Cette assurance prémunit l’acheteur contre les vices de construction graves, affectant des gros ouvrages. C’est-à-dire qu’elle intervient en cas de défauts portant atteinte à la solidité, à la stabilité ou à l’étanchéité du gros œuvre de l’habitation, et mettant en péril l’entièreté du bâtiment. On peut ainsi citer, par exemple :

  • les malfaçons affectant le parement en maçonnerie d’un mur ;
  • les malfaçons importantes au niveau de la toiture et de la charpente ;
  • les malfaçons provoquant l’apparition d’humidité au niveau du sous-sol ou des inondations ;
  • la rouille sur les panneaux métalliques de la façade ;
  • le manque d’étanchéité des châssis extérieurs ;
  • les fissures traversantes ;
  • des désordres importants dans les canalisations de distribution de l’eau ou du chauffage.

Vous constatez l’un de ces vices de construction dans les 10 ans suivant la fin du chantier ? En ayant recours à la garantie décennale, vous pourrez obtenir une exécution conforme des travaux, ainsi que des dommages et intérêts. Sachez cependant que si vous introduisez cette action contre l’architecte, seule une indemnisation financière est possible.
 

Des conditions bien particulières

Pour que la garantie décennale soit d’application, plusieurs conditions doivent donc être réunies.

  1. Un contrat d’entreprise doit avoir été conclu au préalable.
  2. Le vice doit être suffisamment grave pour mettre en péril la solidité ou la stabilité du bâtiment.
  3. L’action doit être intentée dans les 10 ans suivant la réception définitive de l’ouvrage ou l’agréation des travaux.
  4. Il faut pouvoir prouver que le constructeur, le promoteur, le sous-traitant ou l’architecte a commis une faute, c’est-à-dire que son travail n’a pas été réalisé conformément au contrat.

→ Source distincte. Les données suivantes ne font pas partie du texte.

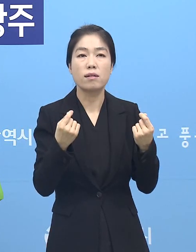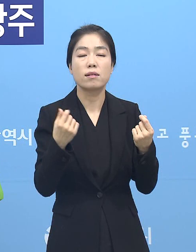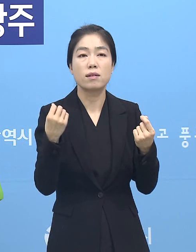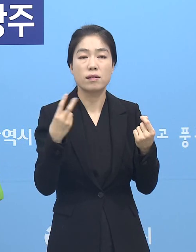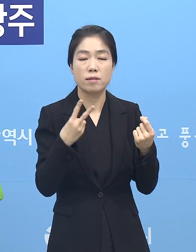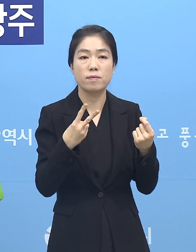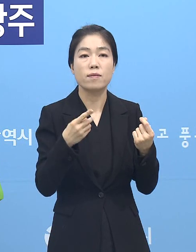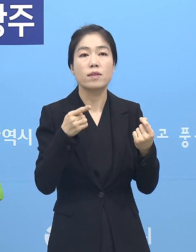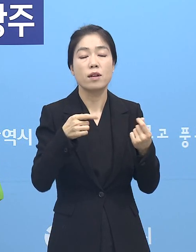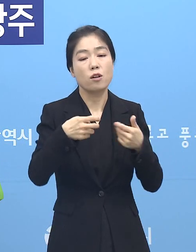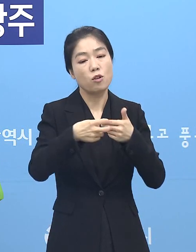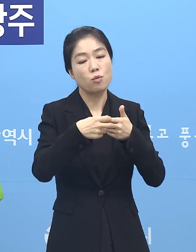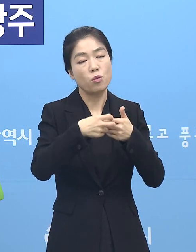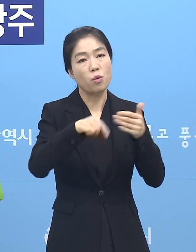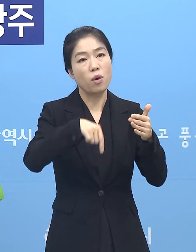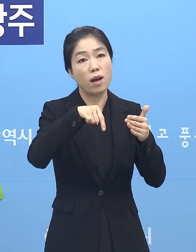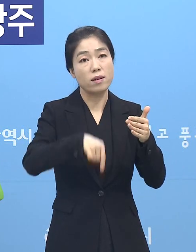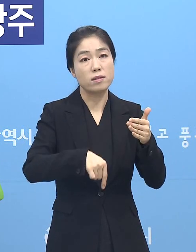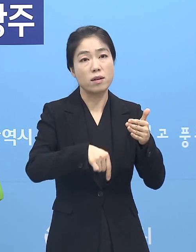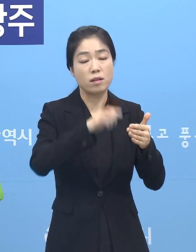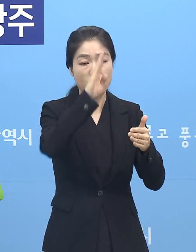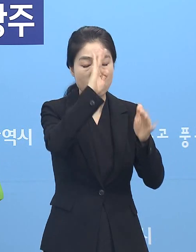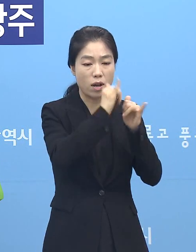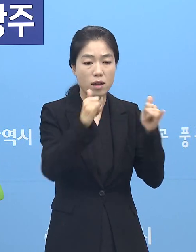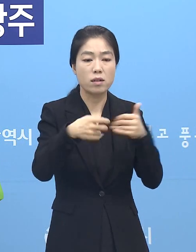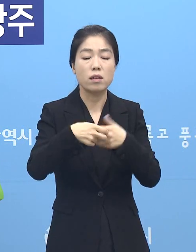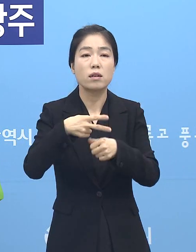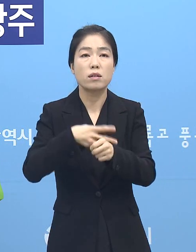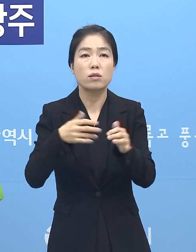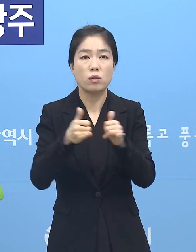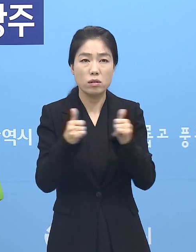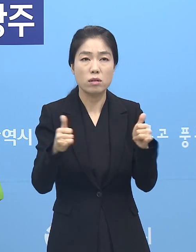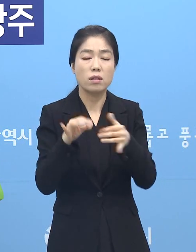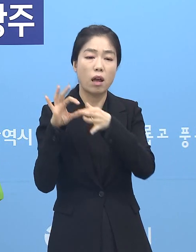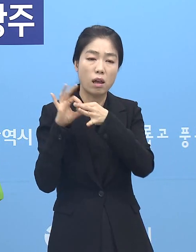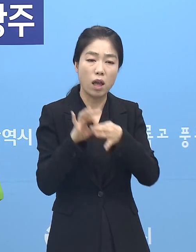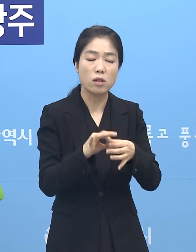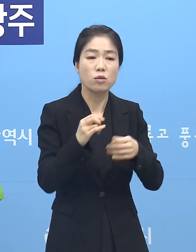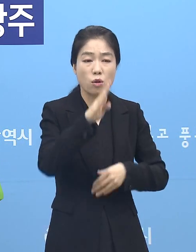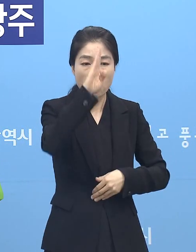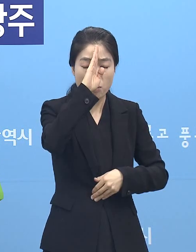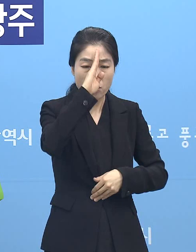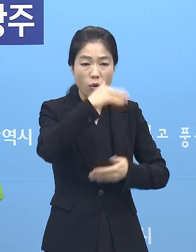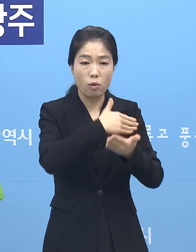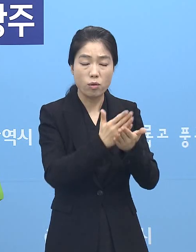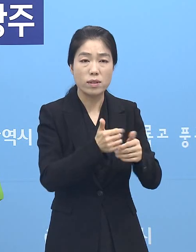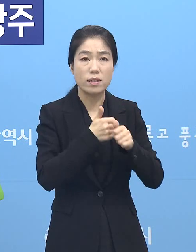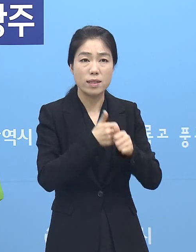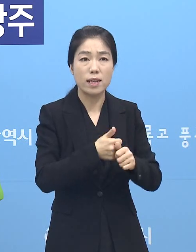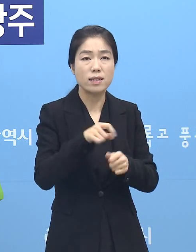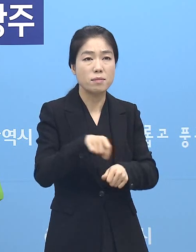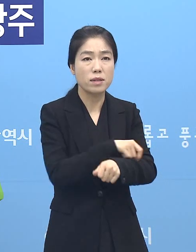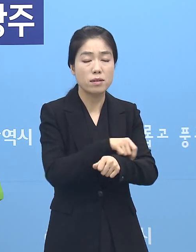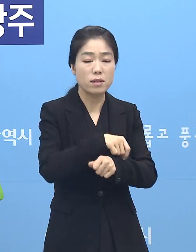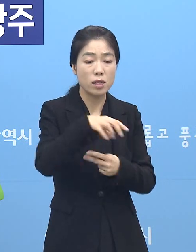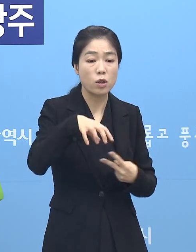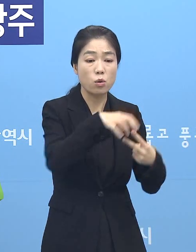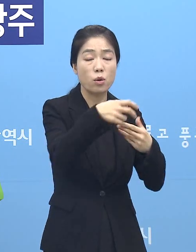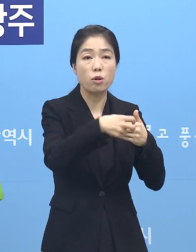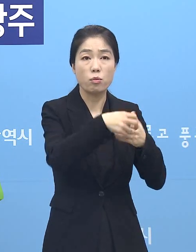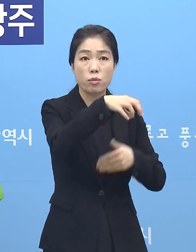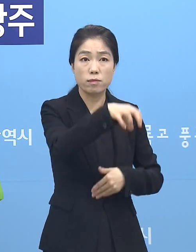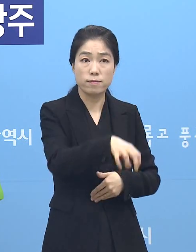병원은 어쨌든 환자와 의료인이 끊임없이 또 질환의 종류에 따라서 특히 요양병원 같은 경우는

Quels dégâts l’assurance ne couvre-t-elle pas ?

La garantie décennale ne peut pas s’appliquer en cas de petits défauts ou de petits ouvrages. Des réparations localisées ne peuvent donc pas engager la responsabilité de l’entrepreneur ou de l’architecte. Voici quelques exemples des travaux qui ne sont pas pris en charge :

  • l’écaillement de la peinture ;
  • les fissures d’un carrelage ;
  • les fissures ou défauts du plafonnage ;
  • les revêtements mal posés ;
  • les défauts d’isolation acoustique ;
  • tout défaut purement esthétique ou qui ne menace pas la stabilité du bâtiment.

Comment savoir si votre prestataire est assuré ?

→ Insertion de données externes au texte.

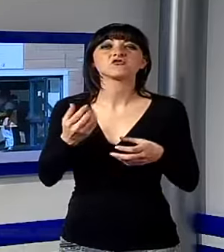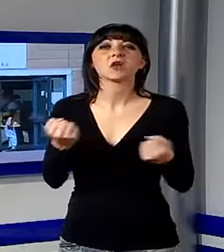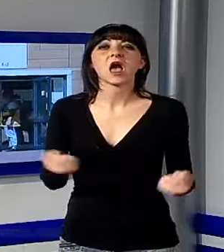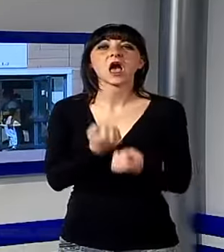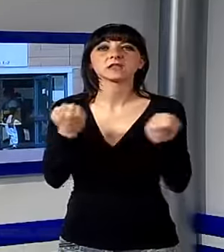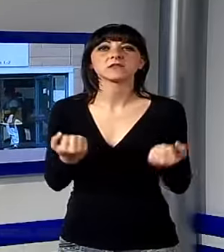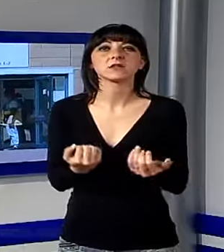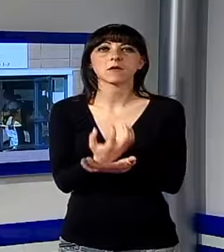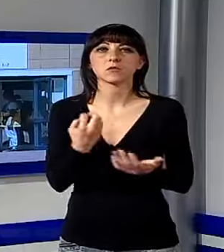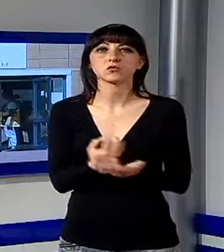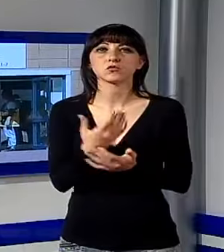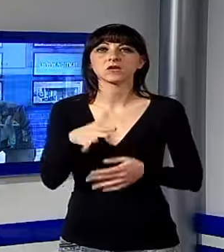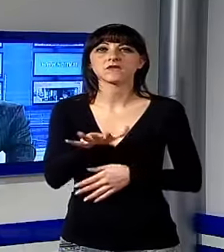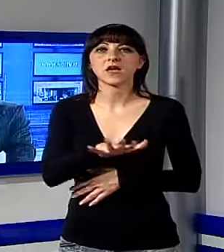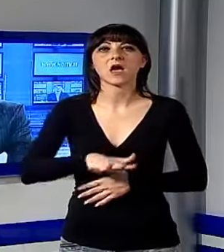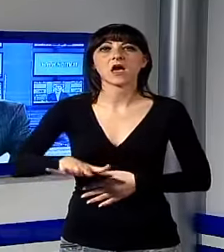produttive della Versilia.

L’assurance garantie décennale est obligatoire pour de nombreux professionnels du bâtiment, qu’il s’agisse d’architectes, d’entreprises générales ou d’artisans (par exemple, les couvreurs, poseurs de chapes… qui interviennent sur des chantiers où le recours à l’architecte est indispensable).

Le contrat que vous signerez avec vos prestataires devra mentionner leur numéro de contrat d’assurance, ainsi que le nom de l’assureur. Vous pourrez ainsi vérifier qu’ils sont bien assurés. Au début de votre chantier, vous devrez également recevoir de leur part leur attestation d’assurance responsabilité civile décennale. N’hésitez pas à la réclamer en cas de manquement.

Si votre prestataire est inscrit à l’Ordre des architectes ou au Conseil fédéral des géomètres-experts, vous pouvez lui faire entièrement confiance : sa situation d’assurance a été vérifiée au préalable.